Friday, February 01, 2008

A disturbing background check

Yesterday, Jesse Jackson stepped into the fray surrounding Major League Baseball's ill-fated "background checks" on their umpires. As Jackson pointed out, the checks, which involved Tom Christopher, the supervisor of security and investigations, asking neighbours of umpires if the umpires belonged to the Ku Klux Klan, were highly problematic from the beginning and further perpetuated the racial issues that continue to occur in sports.

"Major League Baseball has done a disservice to its progressive social history by equating southern whites with white supremacists," Jackson said in a statement. "I am surprised the professional league which helped change social attitudes in all sports leagues about segregation, by championing Jackie Robinson, would make such a destructive move. ... In a year with the injustice of Jena Six, nooses hung around the country and the Tiger Woods-Golfweek scandal, Major League Baseball's false impersonations of friendships and ill-contrived questions further press sensitive racial stereotypes, with no basis for suspicion. They have essentially defamed their people in their own neighborhoods."

The question that needs to be asked is who in MLB thought it would be necessary to ask about Klan membership? In the 21st century, is the Klan still a significant enough organization that the question is even somewhat reasonable? My vote is for no, but I could be wrong. The Anti-Defamation League estimates there's about 5,000 members and associates of the Klan in the States, which is a tiny 0.00002 percent of the 303 million people living there (thanks U.S. Census Bureau). The odds that any given person is a Klansman are ridiculously low, so it certainly has no relevance as a general question in a background check. The other problem is that the Klan is pretty far underground these days, for very good reasons: people would be ostracized if they were found to be members. Thus, no one is likely to go around burning crosses and wearing bedsheets in full view of their neighbours. The only way I could see this question possibly turning up something is if umpires' neighbours are as bad as Gordie Howe's.

I used to be an umpire myself (for five years), so I have a lot of respect for the job they do: it's one of the toughest in sports, as everyone usually winds up hating them (and if both sides hate you equally, you know you're doing your job). As World Umpires Association spokesman Lamell McMorris said (appropriately enough, from India, where he was taking part in tributes to Mohandas K. Ghandi: clearly the actions of a racist Klansman), this sort of incompetence on the part of MLB makes all umpires look bad, and leaves suspicions in the neighbours' minds where none were before.

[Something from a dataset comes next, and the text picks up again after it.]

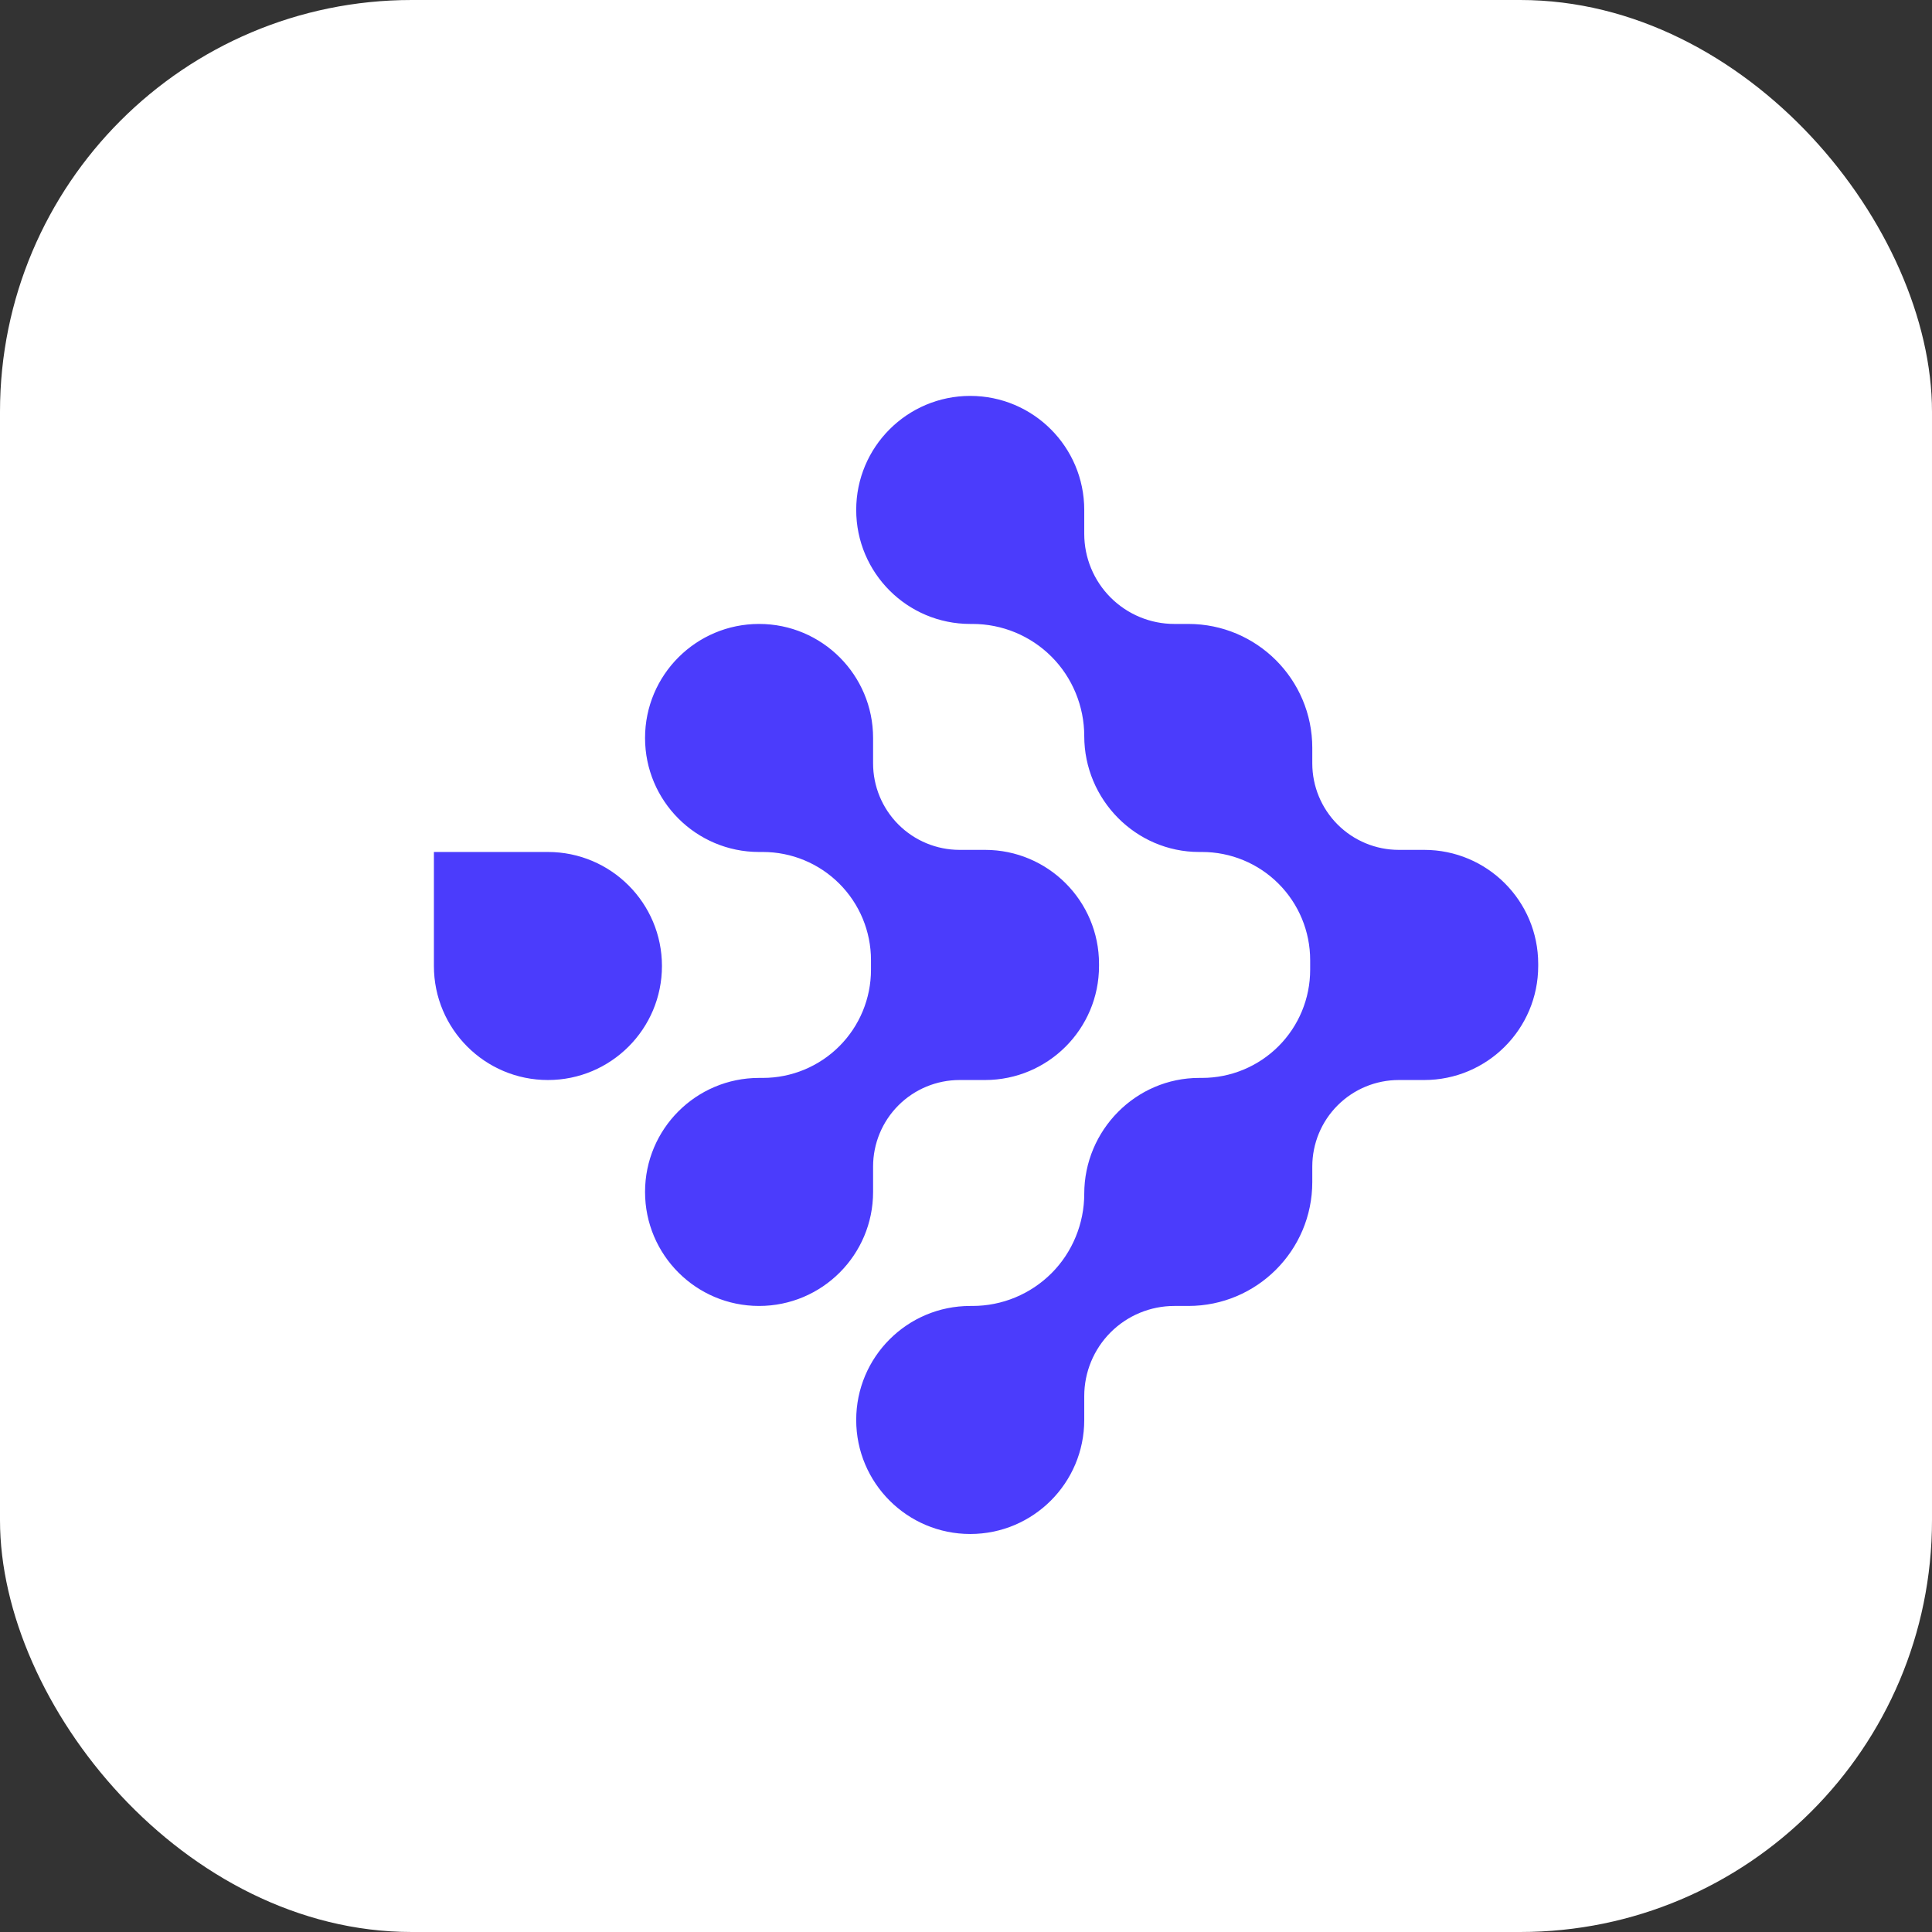 <svg width="122" height="122" viewBox="0 0 122 122" fill="none" xmlns="http://www.w3.org/2000/svg">
<rect x="0" y="0" width="122" height="122" fill="#333333" stroke="none"/>
<rect width="122" height="122" rx="26" fill="white"/>
<path fill-rule="evenodd" clip-rule="evenodd" d="M54.067 32.2C54.067 28.224 57.29 25 61.267 25C65.243 25 68.467 28.224 68.467 32.2V33.71C68.467 35.219 69.066 36.666 70.133 37.733C71.201 38.8 72.648 39.4 74.157 39.4H75.041C79.363 39.4 82.867 42.904 82.867 47.225V48.204C82.867 49.653 83.442 51.042 84.467 52.067C85.491 53.091 86.881 53.667 88.329 53.667H89.933C93.91 53.667 97.133 56.89 97.133 60.867C97.133 60.889 97.133 60.911 97.133 60.933C97.133 60.947 97.133 60.96 97.133 60.973C97.133 60.982 97.133 60.991 97.133 61C97.133 64.976 93.91 68.2 89.933 68.2H88.329C86.881 68.2 85.491 68.775 84.467 69.8C83.442 70.824 82.867 72.214 82.867 73.663V74.641C82.867 78.963 79.363 82.467 75.041 82.467H74.157C72.648 82.467 71.201 83.066 70.133 84.133C69.066 85.201 68.467 86.648 68.467 88.157V89.667C68.467 93.643 65.243 96.867 61.267 96.867C57.29 96.867 54.067 93.643 54.067 89.667C54.067 85.69 57.29 82.467 61.267 82.467H61.411C63.282 82.467 65.077 81.723 66.4 80.4C67.723 79.077 68.467 77.258 68.467 75.386C68.467 71.377 71.717 68.067 75.726 68.067H75.905C77.716 68.067 79.453 67.347 80.733 66.067C82.014 64.786 82.733 63.049 82.733 61.238V61C82.733 60.978 82.733 60.956 82.734 60.933C82.733 60.911 82.733 60.889 82.733 60.867V60.628C82.733 58.817 82.014 57.081 80.733 55.8C79.453 54.519 77.716 53.8 75.905 53.8H75.726C71.717 53.8 68.467 50.49 68.467 46.48C68.467 44.609 67.723 42.79 66.4 41.467C65.077 40.143 63.282 39.4 61.411 39.4H61.267C57.29 39.4 54.067 36.176 54.067 32.2ZM40.733 46.6C40.733 42.624 43.957 39.4 47.933 39.4C51.91 39.4 55.133 42.623 55.133 46.6V48.204C55.133 49.653 55.709 51.042 56.733 52.067C57.758 53.091 59.147 53.667 60.596 53.667H62.2C66.177 53.667 69.4 56.89 69.4 60.867C69.4 60.889 69.4 60.911 69.4 60.933C69.4 60.956 69.4 60.978 69.4 61C69.4 64.976 66.177 68.2 62.2 68.2H60.596C59.147 68.2 57.758 68.775 56.733 69.8C55.709 70.825 55.133 72.214 55.133 73.663V75.267C55.133 79.243 51.91 82.467 47.933 82.467C43.957 82.467 40.733 79.243 40.733 75.267C40.733 71.29 43.957 68.067 47.933 68.067H48.172C49.983 68.067 51.719 67.347 53 66.067C54.281 64.786 55 63.049 55 61.238V61C55 60.978 55 60.956 55 60.933C55 60.923 55 60.912 55 60.901C55 60.89 55 60.878 55 60.867V60.628C55 58.817 54.281 57.081 53 55.8C51.719 54.519 49.983 53.8 48.172 53.8H47.933C43.957 53.8 40.733 50.576 40.733 46.6ZM34.6 68.2C30.623 68.2 27.4 64.976 27.4 61V53.8H34.6C38.576 53.8 41.8 57.024 41.8 61C41.8 64.977 38.576 68.2 34.6 68.2Z" fill="#4B3CFC"/>
</svg>

"We did not anticipate that they would approach neighbors posing as a close colleague and friend of the umpire's and asking them questions such as: Do you know if umpire 'X' is a member of the Ku Klux Klan? Does he grow marijuana plants? Does he beat his wife? Have you seen the police at his home? Does he throw wild parties?" McMorris said. To try to link our umpires to the Ku Klux Klan is highly offensive. It is essentially defaming the umpires in their communities by conducting a very strange and poorly executed investigation. It resembles kind of secret police in some kind of despotic nation."

Baseball has really screwed up on this one. They should admit their error, and apologize, which they still haven't done. This is bad timing for them, as they're still dealing with the wake of the Mitchell Report and the subsequent congressional hearings. So far, the party line has been "It's all right, we may have been incompetent for most of a decade, but everything's in good hands now!" (see Bud Selig's contract extension). As this story shows, it's more than just the steroids issue that's been mismanaged. John Hirschbeck, WUA president, summed this up nicely in the Associated Press story. "Once again, baseball's favorite way of doing things: Ready, fire, aim."